« La miséricorde de Dieu sur toute chair »
(Si 18, 13)

Les Instituts signataires veulent avant tout redire leur amour de l’Église et leur fidélité au Saint-Père. Cet amour filial se teinte aujourd’hui d’une grande souffrance. Nous nous sentons soupçonnés, mis en marge, bannis. Cependant, nous ne nous reconnaissons pas dans la description donnée par la Lettre d’accompagnement du motu proprio Traditionis custodes du 16 juillet 2021.

« Si nous disons que nous n’avons pas de péché… » (I Jn 1, 8)

Nous ne nous considérons aucunement comme la « vraie Église ». Au contraire, nous voyons en l’Église catholique notre Mère en qui nous trouvons le salut et la foi.
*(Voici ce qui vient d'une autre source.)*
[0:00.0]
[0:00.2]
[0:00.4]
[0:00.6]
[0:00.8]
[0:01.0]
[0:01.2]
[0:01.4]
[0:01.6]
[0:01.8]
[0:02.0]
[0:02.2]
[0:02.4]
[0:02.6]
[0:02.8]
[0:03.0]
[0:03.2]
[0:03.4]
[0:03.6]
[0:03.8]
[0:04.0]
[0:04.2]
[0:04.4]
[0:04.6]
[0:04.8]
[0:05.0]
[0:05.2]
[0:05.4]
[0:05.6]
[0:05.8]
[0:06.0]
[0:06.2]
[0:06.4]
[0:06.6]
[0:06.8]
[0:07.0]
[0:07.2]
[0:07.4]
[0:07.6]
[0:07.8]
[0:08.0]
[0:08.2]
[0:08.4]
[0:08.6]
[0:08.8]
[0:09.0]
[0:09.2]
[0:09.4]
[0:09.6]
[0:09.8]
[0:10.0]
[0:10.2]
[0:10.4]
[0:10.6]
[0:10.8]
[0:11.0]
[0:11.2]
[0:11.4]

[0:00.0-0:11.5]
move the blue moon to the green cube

Nous sommes loyalement soumis à la juridiction du Souverain Pontife et à celle des évêques diocésains, comme l’ont montré les bonnes relations dans les diocèses (et les fonctions de Conseiller presbytéral, Archiviste, Chancelier ou Official qui ont été confiées à nos membres) et le résultat des visites canoniques ou apostoliques des dernières années. Nous réaffirmons notre adhésion au magistère (y compris à celui de Vatican II et à ce qui suit) selon la doctrine catholique de l’assentiment qui lui est dû (cf. notamment Lumen Gentium, n° 25, et Catéchisme de l’Église Catholique, n° 891 et 892) comme le prouvent les nombreuses études et thèses de doctorat faites par plusieurs d’entre nous depuis 33 ans.
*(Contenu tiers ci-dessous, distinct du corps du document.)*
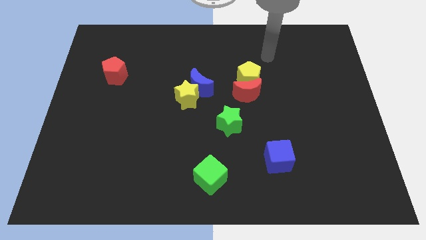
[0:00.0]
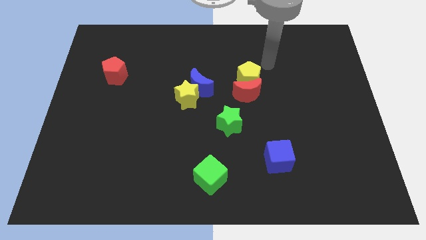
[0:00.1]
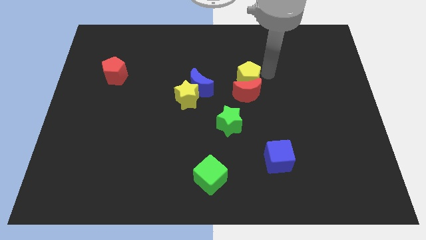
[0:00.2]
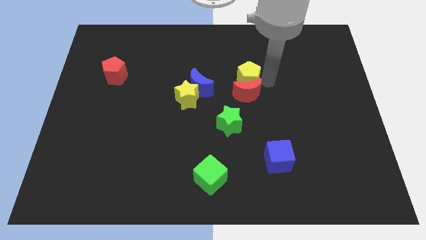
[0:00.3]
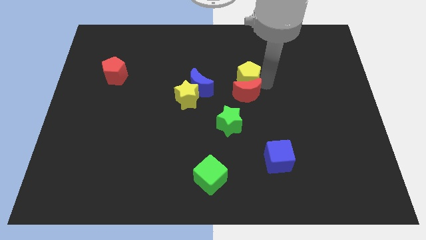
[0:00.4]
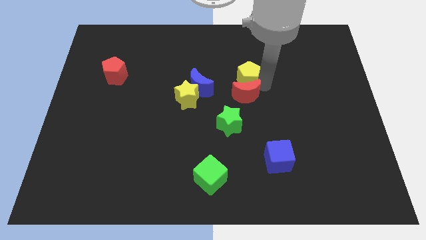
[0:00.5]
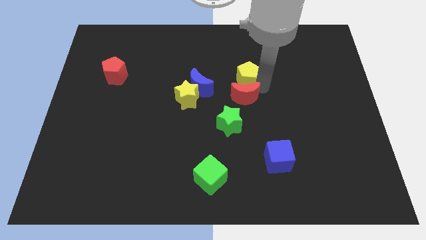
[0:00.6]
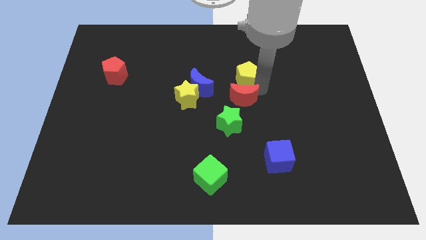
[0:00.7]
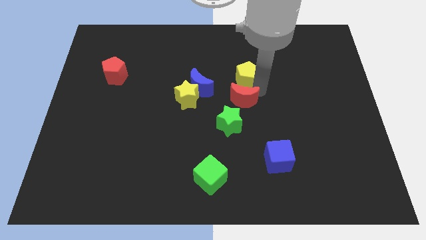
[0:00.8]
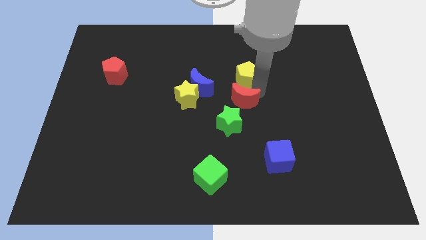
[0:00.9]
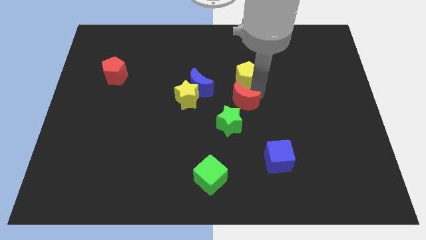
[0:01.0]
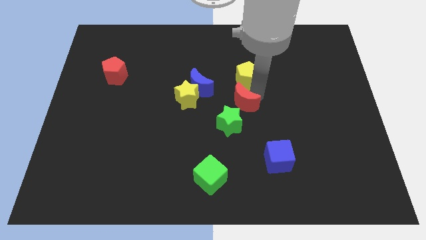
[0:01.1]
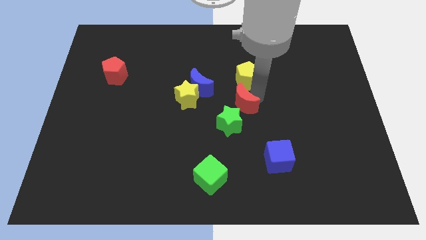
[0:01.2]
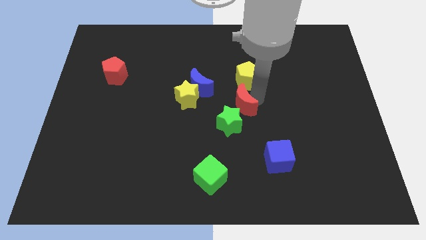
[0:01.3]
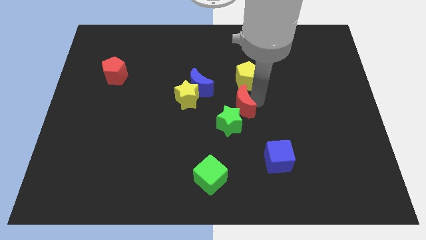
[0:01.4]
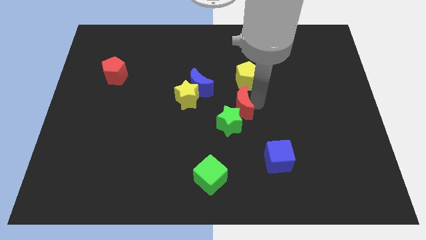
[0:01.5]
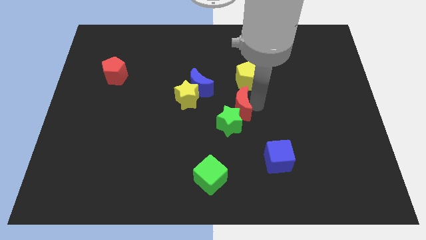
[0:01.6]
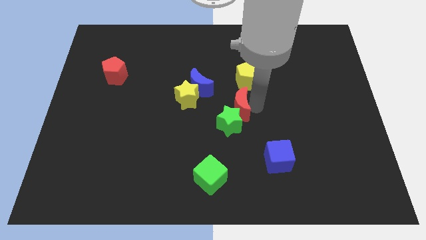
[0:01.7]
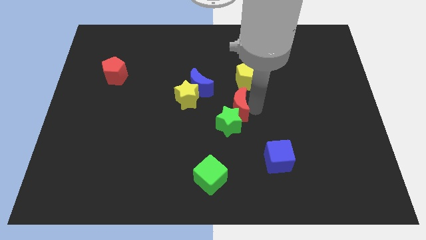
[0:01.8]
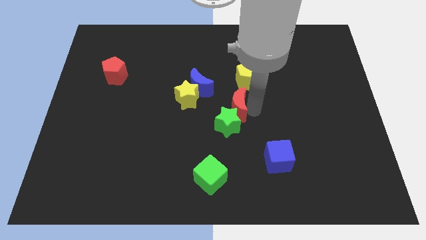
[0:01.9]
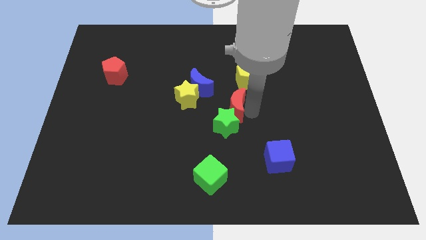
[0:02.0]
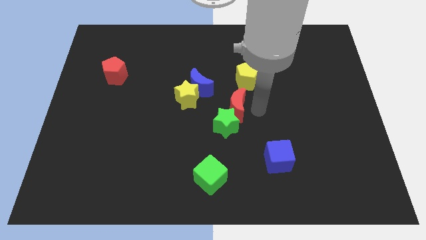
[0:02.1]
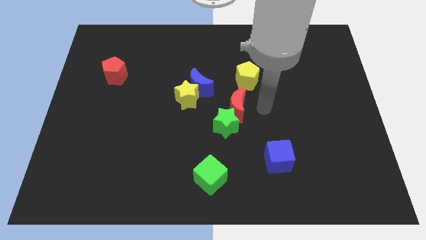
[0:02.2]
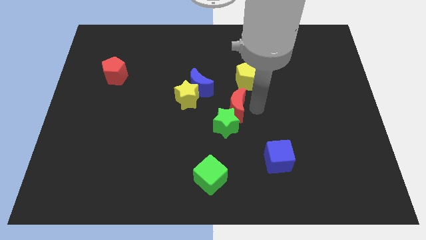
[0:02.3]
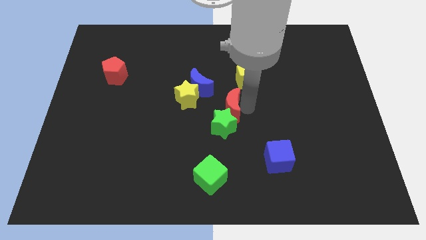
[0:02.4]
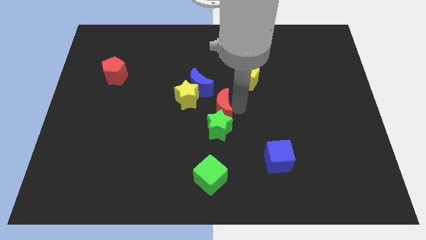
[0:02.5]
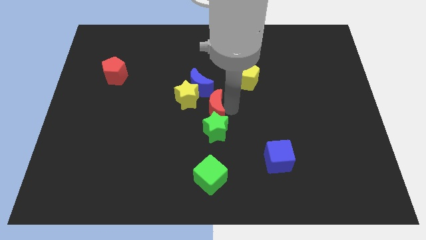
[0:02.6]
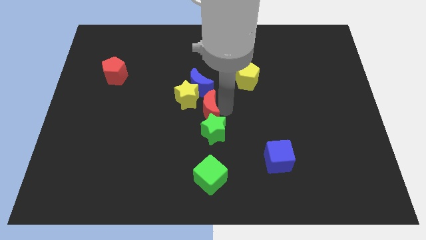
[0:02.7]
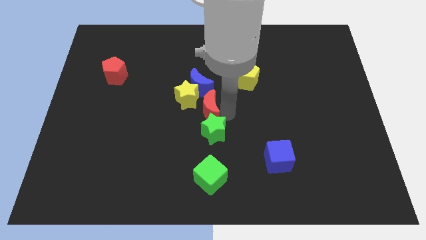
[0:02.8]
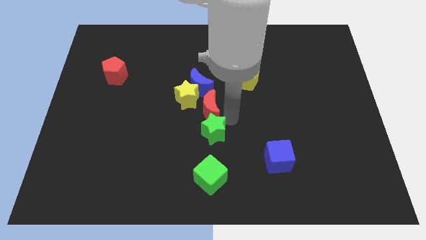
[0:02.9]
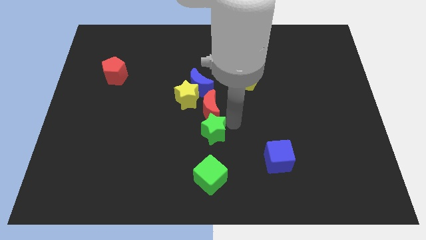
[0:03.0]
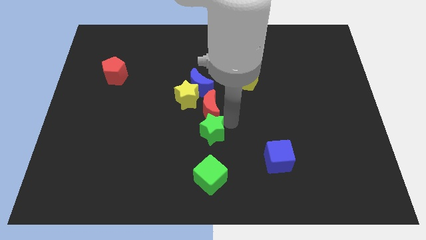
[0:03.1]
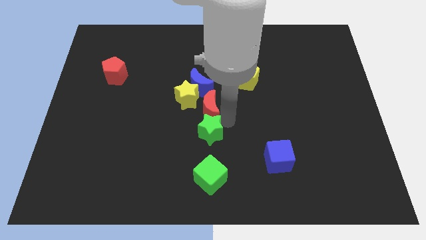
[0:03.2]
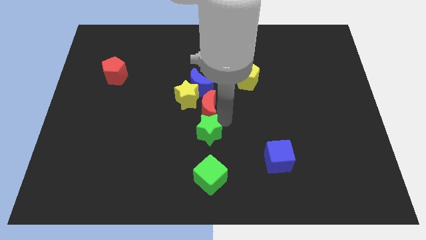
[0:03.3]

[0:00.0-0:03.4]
put the red moon next to the yellow star

Des fautes ont-elles été commises ? Nous sommes prêts, comme l’est tout chrétien,
à demander pardon si quelques excès de langage ou de la défiance vis-à-vis de l’autorité ont pu s’introduire chez tel ou tel de nos membres. Nous sommes prêts à nous convertir si l’esprit de parti ou l’orgueil a pollué nos cœurs.

« Accomplis tes vœux au Très-Haut » (Ps 49, 14)

Nous supplions que s’ouvre un dialogue humain, personnel, plein de confiance, loin des idéologies ou de la froideur des décrets administratifs. Nous voudrions pouvoir rencontrer une personne qui sera pour nous le visage de la Maternité de l’Église. Nous voudrions pouvoir lui raconter la souffrance, les drames, la tristesse de tant de fidèles laïcs du monde entier, mais aussi de prêtres, religieux, religieuses qui ont donné leur vie sur la parole des Papes Jean-Paul II et Benoît XVI.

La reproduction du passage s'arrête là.